→ **RECORDS SUPPLIED**:
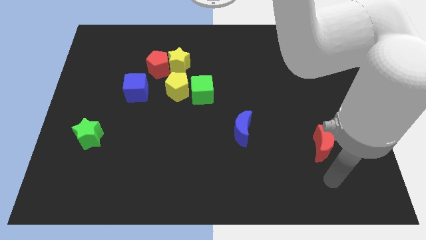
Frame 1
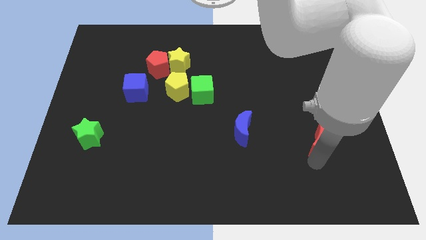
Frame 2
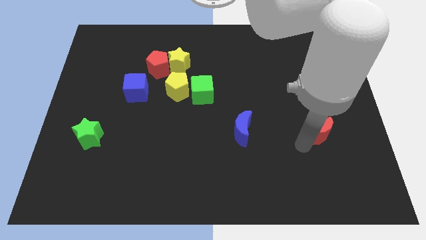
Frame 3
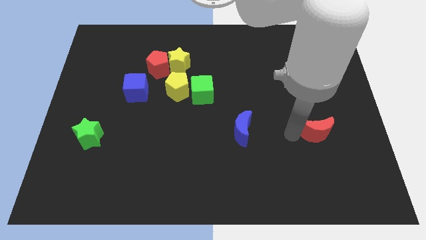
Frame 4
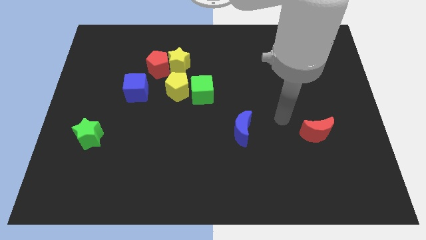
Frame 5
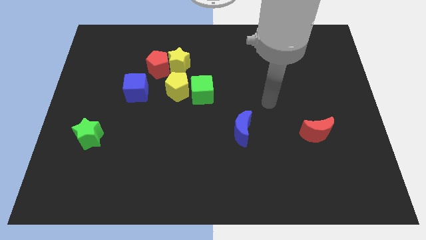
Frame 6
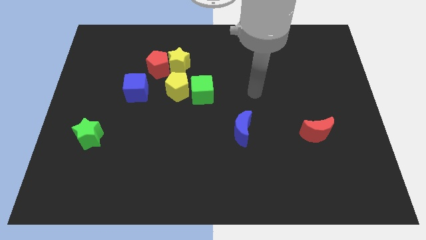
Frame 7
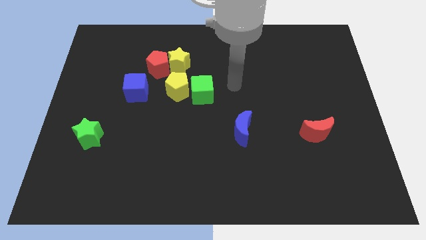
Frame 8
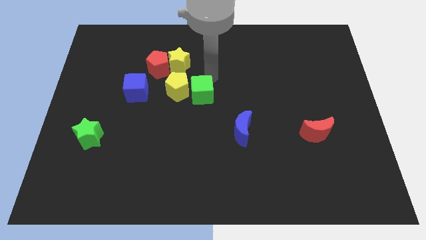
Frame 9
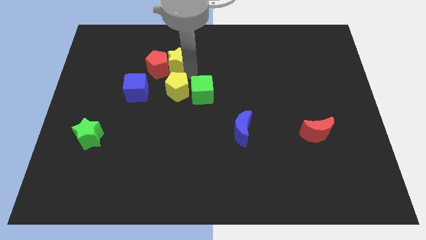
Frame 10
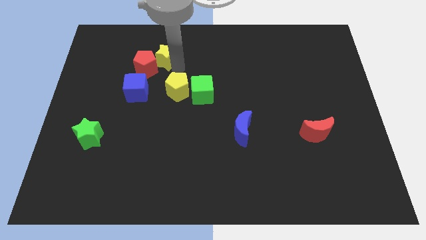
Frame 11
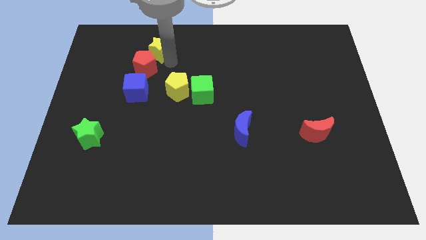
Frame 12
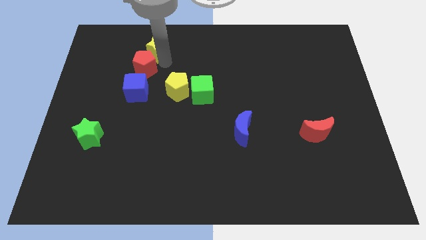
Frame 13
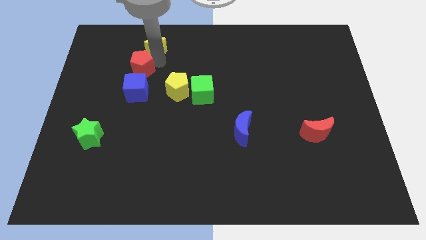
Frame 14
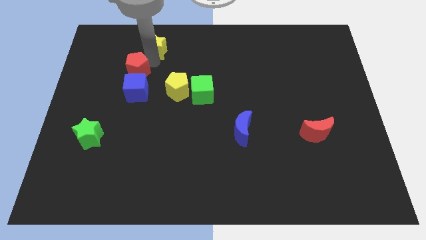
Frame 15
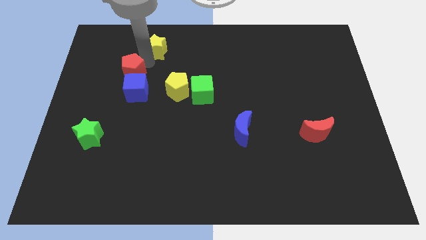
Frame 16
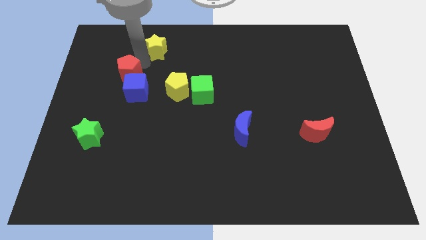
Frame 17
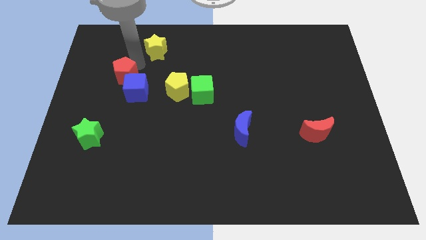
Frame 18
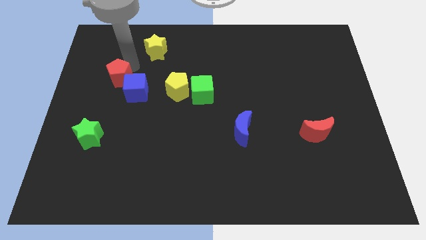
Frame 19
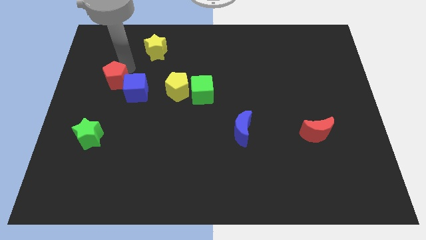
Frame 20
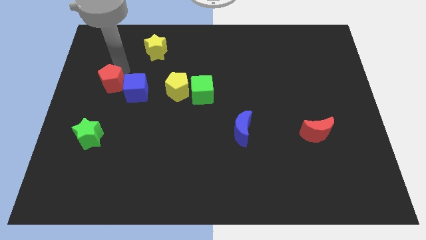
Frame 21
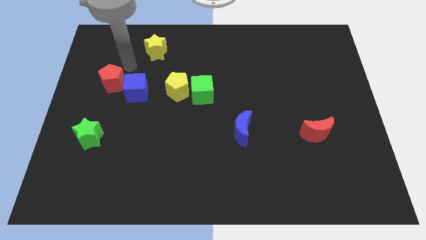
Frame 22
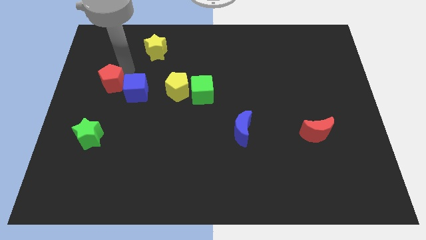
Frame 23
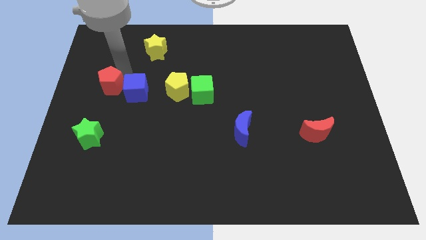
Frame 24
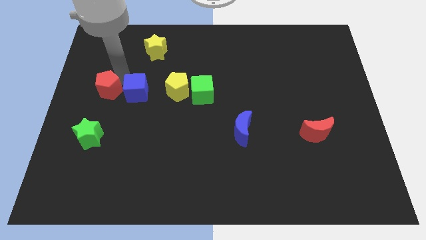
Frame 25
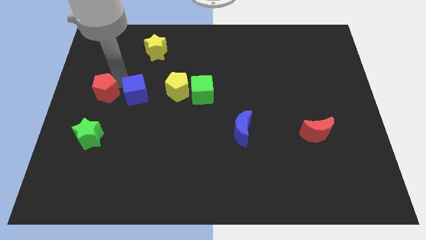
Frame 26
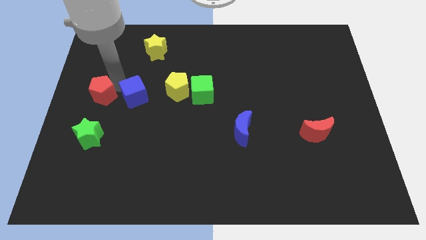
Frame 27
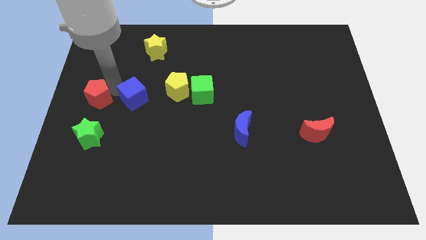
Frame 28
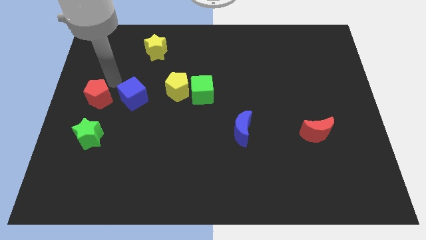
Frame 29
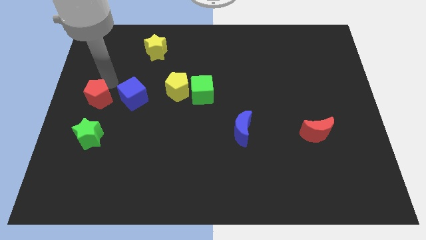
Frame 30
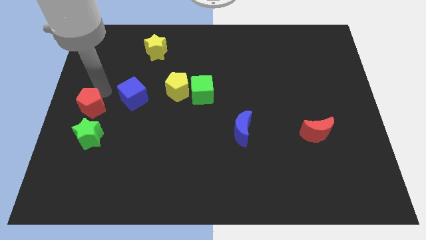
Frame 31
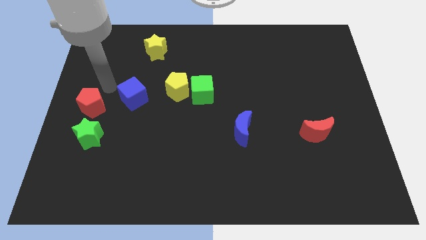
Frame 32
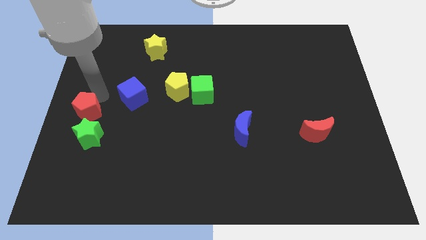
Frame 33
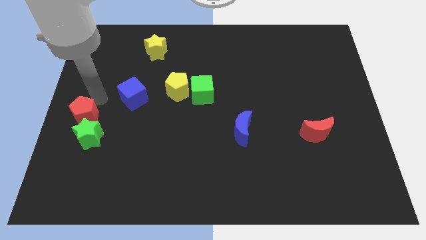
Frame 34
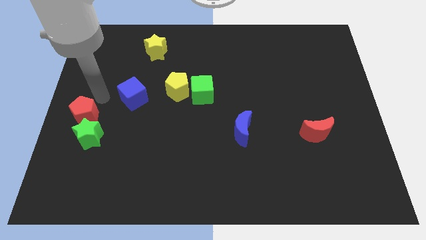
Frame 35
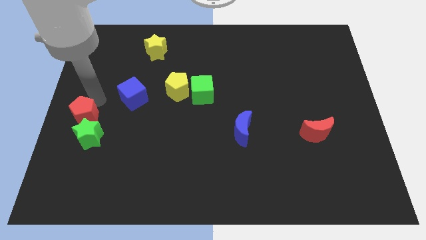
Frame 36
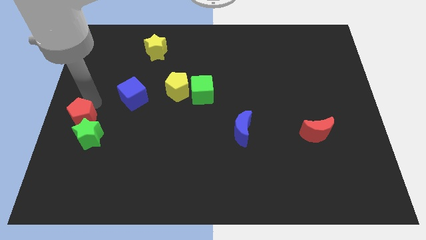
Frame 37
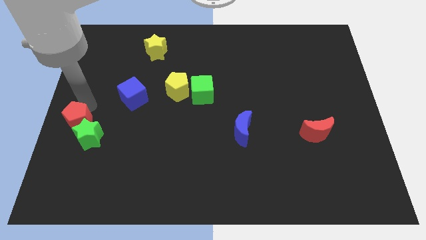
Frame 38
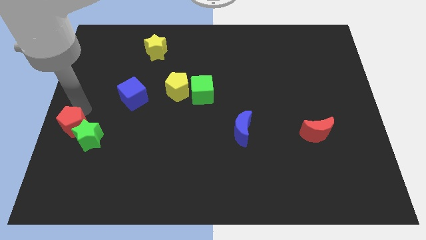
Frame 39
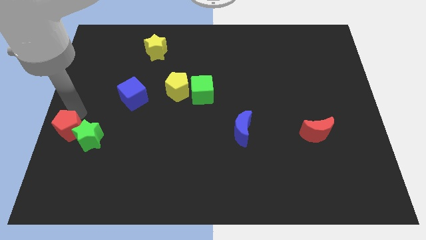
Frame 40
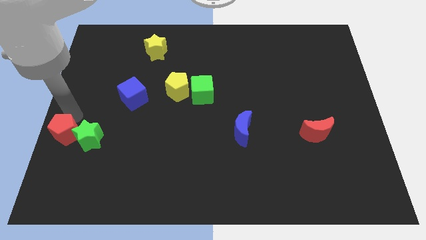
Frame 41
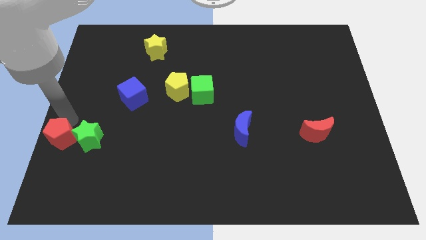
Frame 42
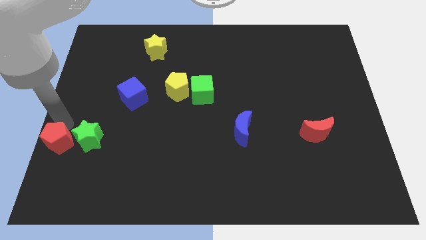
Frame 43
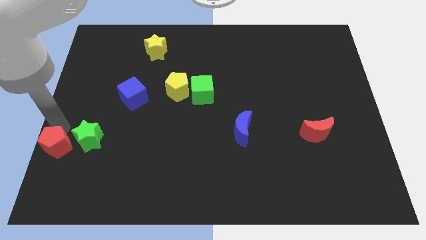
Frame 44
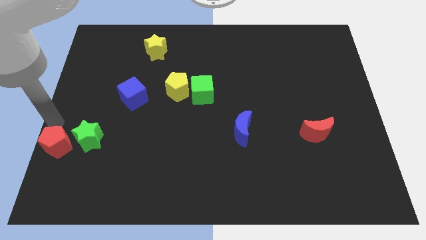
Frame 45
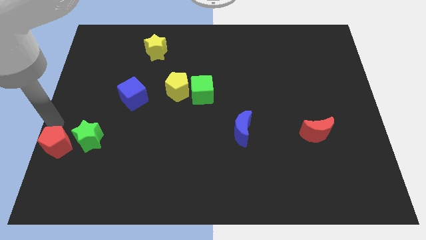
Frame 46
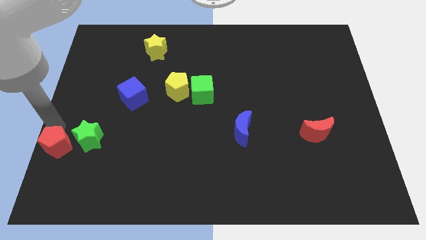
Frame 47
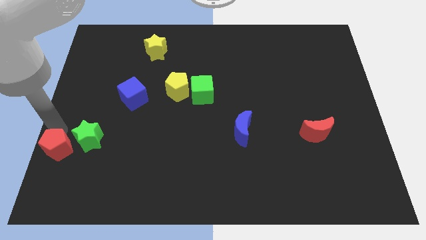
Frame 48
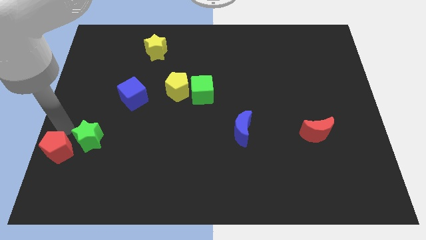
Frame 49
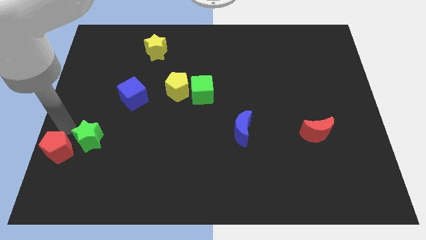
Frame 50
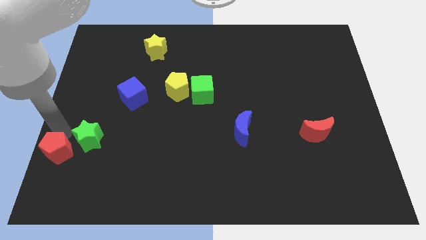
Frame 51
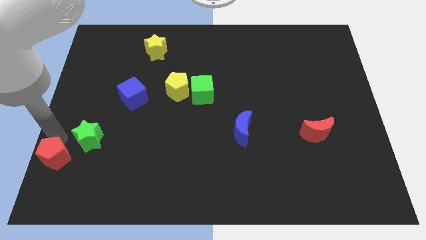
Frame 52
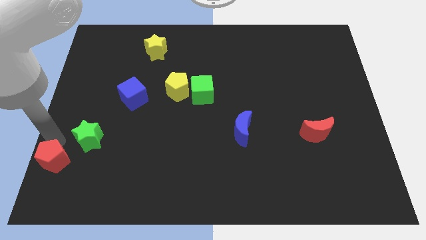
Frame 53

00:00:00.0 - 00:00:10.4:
put the red pentagon to the bottom left

→ **ABOUT THIS EXERCISE**:
Restate the data word for word while omitting each picture.

→ **EXERCISE RESPONSE**:
Frame 1
Frame 2
Frame 3
Frame 4
Frame 5
Frame 6
Frame 7
Frame 8
Frame 9
Frame 10
Frame 11
Frame 12
Frame 13
Frame 14
Frame 15
Frame 16
Frame 17
Frame 18
Frame 19
Frame 20
Frame 21
Frame 22
Frame 23
Frame 24
Frame 25
Frame 26
Frame 27
Frame 28
Frame 29
Frame 30
Frame 31
Frame 32
Frame 33
Frame 34
Frame 35
Frame 36
Frame 37
Frame 38
Frame 39
Frame 40
Frame 41
Frame 42
Frame 43
Frame 44
Frame 45
Frame 46
Frame 47
Frame 48
Frame 49
Frame 50
Frame 51
Frame 52
Frame 53

00:00:00.0 - 00:00:10.4:
put the red pentagon to the bottom left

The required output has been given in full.